Günah Keçisi Romanı üzerinden Kibbutz eleştirisi

Eli Amir, Günah Keçisi: 2010, İstanbul 1. Basım (Apollon Yayıncılık), 256 sayfa.

Eli Amir (D. 1937) Günah Keçisi isimli romanın yazarıdır. Kahraman Türel tarafından 2010 yılında İngilizceden Türkçeye çevrilmiştir. Kitabın adı The Scapegoat  (תרנגול כפרות) olup ilk olarak İbranice yayınlanmış ve yayınlandıktan sonra en çok satılan kitaplardan birisi olmuştur. Yasmin ve Dove Flyer isimli kitapları da dünya çapında ün kazanmıştır. Kitaplarından bazıları beyaz perdeye de taşınmıştır. Kendi hayat hikâyesini ve Yahudilerin yaşadıkları eserinin ana konusunu teşkil eder.

Kitap Eli Amir’in 1950’de Filistin’e gelmesini ve burada yaşadığı kültürel çatışmaları konu alır.

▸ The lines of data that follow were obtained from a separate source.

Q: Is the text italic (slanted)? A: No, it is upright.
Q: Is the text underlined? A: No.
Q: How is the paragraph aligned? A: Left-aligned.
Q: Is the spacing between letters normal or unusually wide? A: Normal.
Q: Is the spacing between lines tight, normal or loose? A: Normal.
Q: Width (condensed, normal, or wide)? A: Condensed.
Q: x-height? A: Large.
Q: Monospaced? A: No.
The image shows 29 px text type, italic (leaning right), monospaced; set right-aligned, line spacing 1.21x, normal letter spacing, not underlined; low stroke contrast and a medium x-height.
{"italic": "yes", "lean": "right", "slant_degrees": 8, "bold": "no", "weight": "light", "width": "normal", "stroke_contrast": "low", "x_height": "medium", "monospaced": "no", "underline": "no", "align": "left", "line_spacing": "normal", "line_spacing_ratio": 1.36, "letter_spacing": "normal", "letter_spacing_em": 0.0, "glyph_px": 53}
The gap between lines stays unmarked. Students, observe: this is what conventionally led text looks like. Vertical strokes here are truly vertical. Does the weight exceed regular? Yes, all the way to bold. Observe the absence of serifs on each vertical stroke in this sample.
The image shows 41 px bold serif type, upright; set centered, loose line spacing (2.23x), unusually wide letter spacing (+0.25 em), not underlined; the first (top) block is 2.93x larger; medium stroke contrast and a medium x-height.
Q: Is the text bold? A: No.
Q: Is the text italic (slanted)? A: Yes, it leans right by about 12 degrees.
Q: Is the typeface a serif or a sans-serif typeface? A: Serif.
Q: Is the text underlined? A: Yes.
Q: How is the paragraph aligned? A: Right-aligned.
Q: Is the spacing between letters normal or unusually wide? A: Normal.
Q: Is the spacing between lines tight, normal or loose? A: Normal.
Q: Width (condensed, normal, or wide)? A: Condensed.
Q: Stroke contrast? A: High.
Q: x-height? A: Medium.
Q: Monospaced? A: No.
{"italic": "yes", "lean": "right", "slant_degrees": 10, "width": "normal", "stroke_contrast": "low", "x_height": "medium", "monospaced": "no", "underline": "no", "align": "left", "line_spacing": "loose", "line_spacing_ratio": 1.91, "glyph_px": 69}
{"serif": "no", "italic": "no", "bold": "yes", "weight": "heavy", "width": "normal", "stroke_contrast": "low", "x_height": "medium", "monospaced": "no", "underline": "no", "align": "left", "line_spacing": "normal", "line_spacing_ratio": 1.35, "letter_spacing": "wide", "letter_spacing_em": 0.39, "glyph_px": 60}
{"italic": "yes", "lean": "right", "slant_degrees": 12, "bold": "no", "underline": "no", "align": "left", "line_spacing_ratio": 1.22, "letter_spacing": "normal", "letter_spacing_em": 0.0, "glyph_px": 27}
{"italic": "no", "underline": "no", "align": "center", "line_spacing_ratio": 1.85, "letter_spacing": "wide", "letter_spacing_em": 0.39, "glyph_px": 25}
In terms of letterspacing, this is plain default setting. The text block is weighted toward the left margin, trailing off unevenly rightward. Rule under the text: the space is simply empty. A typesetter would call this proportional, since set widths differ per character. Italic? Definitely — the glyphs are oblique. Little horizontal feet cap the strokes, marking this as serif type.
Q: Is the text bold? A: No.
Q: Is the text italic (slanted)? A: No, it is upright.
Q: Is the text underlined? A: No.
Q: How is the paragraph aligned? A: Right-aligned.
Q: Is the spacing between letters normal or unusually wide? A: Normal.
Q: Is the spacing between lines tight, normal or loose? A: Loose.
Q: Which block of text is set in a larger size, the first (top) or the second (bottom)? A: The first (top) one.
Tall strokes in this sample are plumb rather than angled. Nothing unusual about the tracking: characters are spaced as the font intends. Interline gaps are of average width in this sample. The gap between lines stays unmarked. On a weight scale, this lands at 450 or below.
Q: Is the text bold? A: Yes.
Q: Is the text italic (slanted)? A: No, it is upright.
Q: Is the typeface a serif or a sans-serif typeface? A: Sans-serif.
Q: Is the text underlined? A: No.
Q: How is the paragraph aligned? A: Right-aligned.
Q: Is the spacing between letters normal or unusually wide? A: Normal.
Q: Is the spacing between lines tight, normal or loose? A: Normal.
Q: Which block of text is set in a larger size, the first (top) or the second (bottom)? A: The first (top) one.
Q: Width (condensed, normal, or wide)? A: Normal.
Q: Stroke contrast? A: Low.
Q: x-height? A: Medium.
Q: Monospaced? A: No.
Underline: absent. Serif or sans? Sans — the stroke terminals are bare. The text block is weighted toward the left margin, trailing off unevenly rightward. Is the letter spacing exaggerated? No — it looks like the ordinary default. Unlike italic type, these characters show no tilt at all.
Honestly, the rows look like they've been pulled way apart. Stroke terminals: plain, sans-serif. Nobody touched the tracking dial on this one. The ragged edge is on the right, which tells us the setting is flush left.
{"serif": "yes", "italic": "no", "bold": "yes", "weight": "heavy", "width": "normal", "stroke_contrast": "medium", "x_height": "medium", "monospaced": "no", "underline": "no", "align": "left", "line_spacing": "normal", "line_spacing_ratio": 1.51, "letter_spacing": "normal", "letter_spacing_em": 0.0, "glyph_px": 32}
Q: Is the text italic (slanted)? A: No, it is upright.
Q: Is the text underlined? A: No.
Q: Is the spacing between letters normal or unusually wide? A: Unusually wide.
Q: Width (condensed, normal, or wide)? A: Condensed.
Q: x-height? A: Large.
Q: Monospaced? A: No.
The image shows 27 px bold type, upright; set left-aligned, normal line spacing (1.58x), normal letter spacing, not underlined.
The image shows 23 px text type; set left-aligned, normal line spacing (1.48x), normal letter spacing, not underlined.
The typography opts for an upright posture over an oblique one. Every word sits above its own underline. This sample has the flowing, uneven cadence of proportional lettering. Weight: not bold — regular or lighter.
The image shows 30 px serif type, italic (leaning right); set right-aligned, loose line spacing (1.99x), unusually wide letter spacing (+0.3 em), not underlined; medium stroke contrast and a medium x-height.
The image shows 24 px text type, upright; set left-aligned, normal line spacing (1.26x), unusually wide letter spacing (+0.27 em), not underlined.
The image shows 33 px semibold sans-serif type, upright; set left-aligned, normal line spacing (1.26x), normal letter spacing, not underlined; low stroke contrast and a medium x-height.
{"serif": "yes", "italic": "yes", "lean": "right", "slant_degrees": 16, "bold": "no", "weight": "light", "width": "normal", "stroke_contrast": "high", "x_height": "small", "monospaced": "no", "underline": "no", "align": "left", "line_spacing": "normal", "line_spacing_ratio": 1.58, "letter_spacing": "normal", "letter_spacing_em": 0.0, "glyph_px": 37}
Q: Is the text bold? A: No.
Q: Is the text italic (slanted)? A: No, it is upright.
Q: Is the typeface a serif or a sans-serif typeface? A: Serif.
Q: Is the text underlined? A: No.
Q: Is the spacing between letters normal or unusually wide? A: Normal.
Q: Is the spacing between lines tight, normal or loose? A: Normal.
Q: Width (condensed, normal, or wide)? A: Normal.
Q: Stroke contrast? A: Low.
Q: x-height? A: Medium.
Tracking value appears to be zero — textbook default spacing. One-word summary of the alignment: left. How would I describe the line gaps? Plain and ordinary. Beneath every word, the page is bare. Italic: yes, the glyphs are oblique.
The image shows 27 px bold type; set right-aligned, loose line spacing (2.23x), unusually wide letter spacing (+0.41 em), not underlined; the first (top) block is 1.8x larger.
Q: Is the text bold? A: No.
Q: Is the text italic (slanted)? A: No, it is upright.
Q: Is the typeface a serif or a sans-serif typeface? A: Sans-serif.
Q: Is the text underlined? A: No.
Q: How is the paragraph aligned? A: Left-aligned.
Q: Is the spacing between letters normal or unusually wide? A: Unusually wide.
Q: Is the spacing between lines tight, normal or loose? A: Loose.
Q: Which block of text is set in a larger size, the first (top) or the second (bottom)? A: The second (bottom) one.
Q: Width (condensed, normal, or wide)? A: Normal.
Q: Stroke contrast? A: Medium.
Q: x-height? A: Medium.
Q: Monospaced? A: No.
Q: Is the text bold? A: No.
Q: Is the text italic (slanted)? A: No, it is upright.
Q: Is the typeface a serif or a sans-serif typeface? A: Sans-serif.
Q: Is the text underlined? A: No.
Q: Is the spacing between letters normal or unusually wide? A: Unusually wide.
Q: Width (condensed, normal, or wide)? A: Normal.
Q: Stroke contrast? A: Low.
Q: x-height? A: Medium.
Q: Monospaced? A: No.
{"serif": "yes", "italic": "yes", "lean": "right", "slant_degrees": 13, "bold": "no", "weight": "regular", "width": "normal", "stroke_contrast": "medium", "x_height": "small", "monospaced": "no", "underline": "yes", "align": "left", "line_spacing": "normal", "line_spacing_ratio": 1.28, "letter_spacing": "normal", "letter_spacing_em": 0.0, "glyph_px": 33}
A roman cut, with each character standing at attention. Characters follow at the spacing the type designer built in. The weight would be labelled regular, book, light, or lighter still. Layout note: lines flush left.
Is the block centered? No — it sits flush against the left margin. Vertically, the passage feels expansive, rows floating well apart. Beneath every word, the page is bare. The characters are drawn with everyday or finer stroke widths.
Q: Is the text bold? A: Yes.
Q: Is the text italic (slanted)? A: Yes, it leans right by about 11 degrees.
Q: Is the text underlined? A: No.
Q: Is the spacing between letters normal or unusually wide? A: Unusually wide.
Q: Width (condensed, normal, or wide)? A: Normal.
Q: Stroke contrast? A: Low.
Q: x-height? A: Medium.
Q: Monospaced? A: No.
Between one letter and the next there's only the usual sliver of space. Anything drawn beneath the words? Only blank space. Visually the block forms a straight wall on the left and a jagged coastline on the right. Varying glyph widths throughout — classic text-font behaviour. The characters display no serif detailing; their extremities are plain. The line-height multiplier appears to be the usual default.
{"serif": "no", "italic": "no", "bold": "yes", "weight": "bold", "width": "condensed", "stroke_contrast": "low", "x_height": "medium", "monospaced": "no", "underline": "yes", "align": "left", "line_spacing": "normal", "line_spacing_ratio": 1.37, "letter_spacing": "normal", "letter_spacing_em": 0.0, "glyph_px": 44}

Otobiyografik özellikler taşıyan Roman İsrail’den ve Meksika’dan ödüller almıştır. Kitapta Irak, Polonya, Fas ve Romanya’dan gelen Yahudilerin Filistin’e uyum sürecinde karşılaştığı zorluklar işlenmektedir. Yazar büyük bir ustalıkla kendi yaşadığı sorunları anlatabilmeyi başardıysa da Kibbutz’un asıl sebep olduğu kolonyal yaklaşımlar, toprakların işgali, Arapların iş gücünden atılması, Arapların çaresiz bir şekilde topraklarını kaybetmeleri hakkında hiçbir şey söylemez. Sabralar[1] ile Doğulu Yahudilerin ilişkileri sorunlu bir şekilde sürmektedir ve aşırı bir şekilde karakterler Doğu’yu özlemektedirler. Özellikle Bağdat’a atıf yapılmakta ve bu yazarın geldiği yer olması dolayısıyladır. Yazar 1950’de Bağdat’tan Filistin’e göçmek zorunda kalacaktır. Orada güzel ve kolay işleri yapıyorlarken Maabara’da ve Kibbutz’larda ağır işlerde çalışmak zorunda kalırlar. Birinci Aliya’da Yahudiler Arap işgücünden yararlanırken daha sonra iş gücü sadece Yahudilerden olmalı diye mücadele edilmiştir. Herzl Araplar ile Yahudilerin uyum (harmoni) içinde yaşadığı bir Filistin hayal etse de Yahudiler işleri rayından çıkaracaktır. Araplar topraklarını kaybetmekle kalmayacak işlerini de kaybedeceklerdir.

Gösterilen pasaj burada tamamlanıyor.